Endobacteria in the diatom Pinnularia (Bacillariophyceae). I. 'Scattered ct-nucleoids' explainsed DAPI-DNA complexes stem from exoplastidial bacteria boring into the chloroplasts

• Published in: Journal of phycology Vol. 39; no. 1; pp. 122 - 138
• Main Author: Schmid, A M
• Format: Journal Article
• Language: English
• Published: 01.02.2003
• Subjects: Freshwater; Pennales; Pinnularia nobilis; Proteobacteria
• ISSN: 0022-3646
• DOI: 10.1046/j.1529-8817.2003.02084.x

A local strain of the pennate diatom Pinnularia cf. 'nobilis' was investigated using cytochemistry and fluorescence and EM techniques. The regular perforation of the chloroplasts of P. 'nobilis' and the lack of a typical diatom pyrenoid were confirmed at the ultrastructural level. Cavities and channels in the complex secondary plastid were found to harbor symbiotic bacteria, and their DNA elicited DAPI fluorescence. Wheat germ agglutinin, labeling bacteria walls, elicited a similar fluorescence pattern. Previous speculation that the apochlorotic DNA-positive dots in the plastids of several Pinnularia species are 'scattered ct-nucleoids' is thus refuted.

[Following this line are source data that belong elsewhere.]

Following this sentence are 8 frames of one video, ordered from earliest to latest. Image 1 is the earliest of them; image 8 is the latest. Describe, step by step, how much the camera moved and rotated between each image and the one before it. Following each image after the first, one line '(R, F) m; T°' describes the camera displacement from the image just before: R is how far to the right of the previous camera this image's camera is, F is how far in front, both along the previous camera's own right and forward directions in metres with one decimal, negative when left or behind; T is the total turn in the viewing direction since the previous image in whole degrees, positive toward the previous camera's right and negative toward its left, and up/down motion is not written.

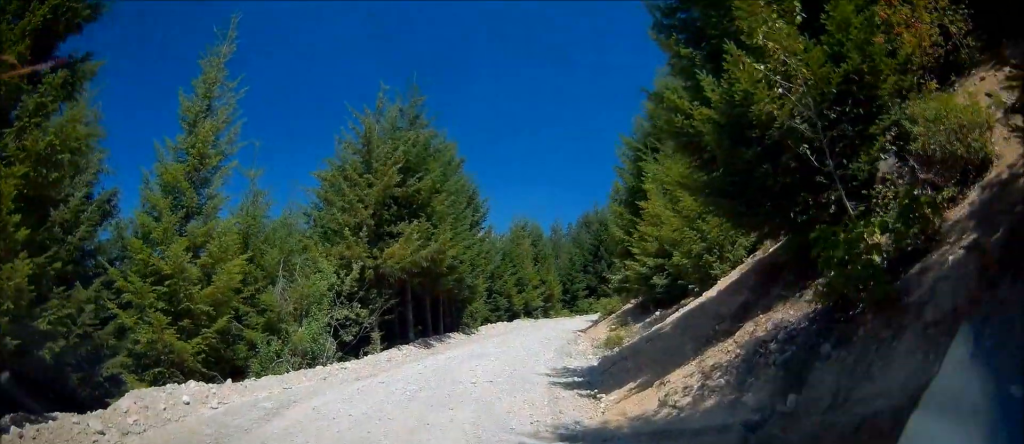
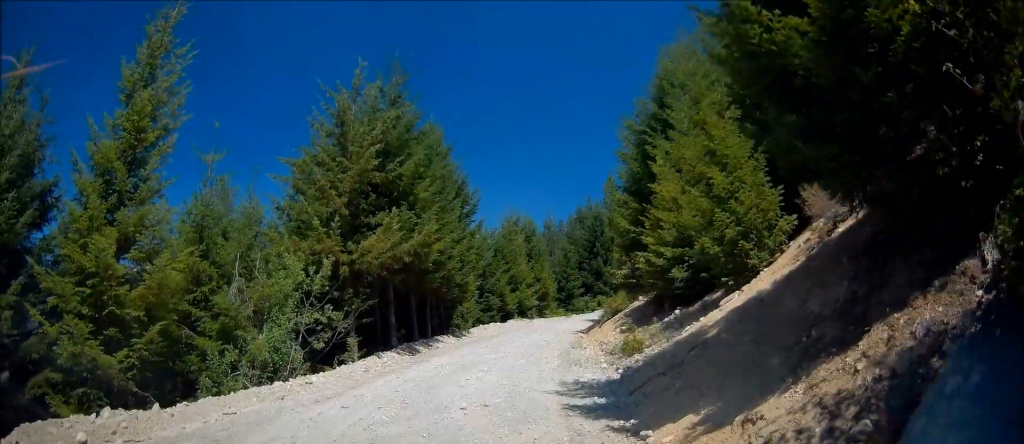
(+0.1, +2.6) m; -1°
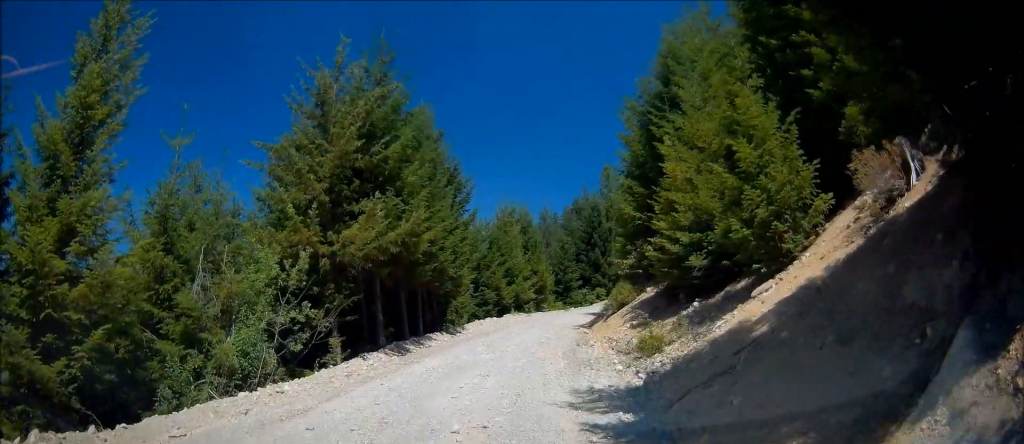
(-0.3, +1.8) m; +1°
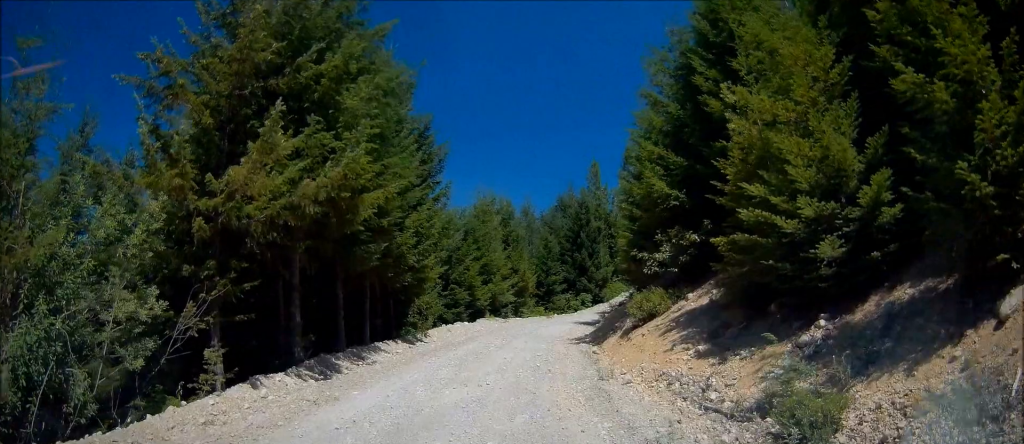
(+0.7, +6.6) m; +6°
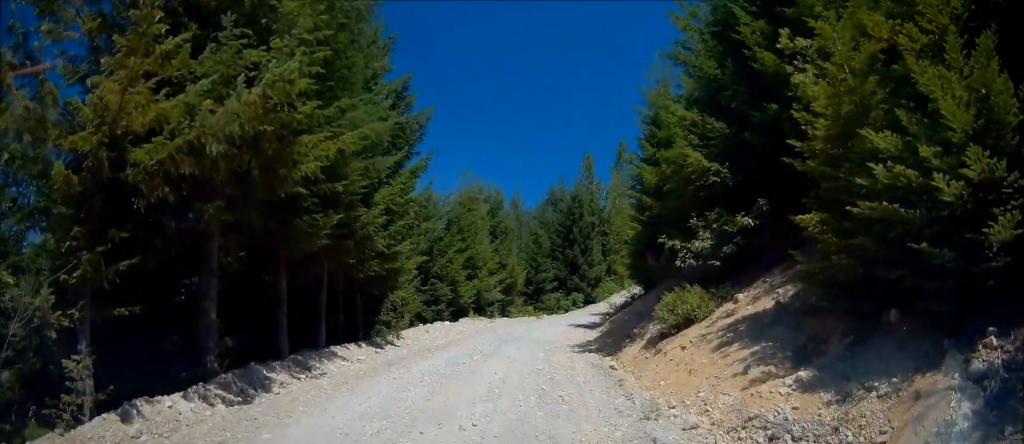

Bacteria were rod shaped and gram negative. They resided in the lumen of the endoplasmic reticulum (ER) during host interphase confined to the specialized ER compartment housing the secondary plastid, that is, to the space between the third and the fourth membrane profile, encircling the chloroplast. TEM images of chemically and cryofixed cells revealed that cavities resulted from the interaction of bacteria with the plastid according to the following sequence, alignment, attachment, deformation, and disintegration. This occurred without visible injury to the primary chloroplast envelope or the relict cell membrane of the reduced ancestral red alga that surrounds the chloroplast. The patterned arrangement of bacteria suggests recognition sites on the vestigial cell membrane, thought to interact with surface groups on the bacteria. The intimate association between bacteria and secondary plastid inside the common specialized ER cisterna suggests they form a functional unit. Comparison of thylakoid profiles, disrupted by bacteria in Pinnularia, with those disrupted by the pyrenoid in other pennate diatoms (e.g. Trachyneis) revealed a significant ultrastructural resemblance. No aposymbiotic Pinnularia cells were found at the sampling site.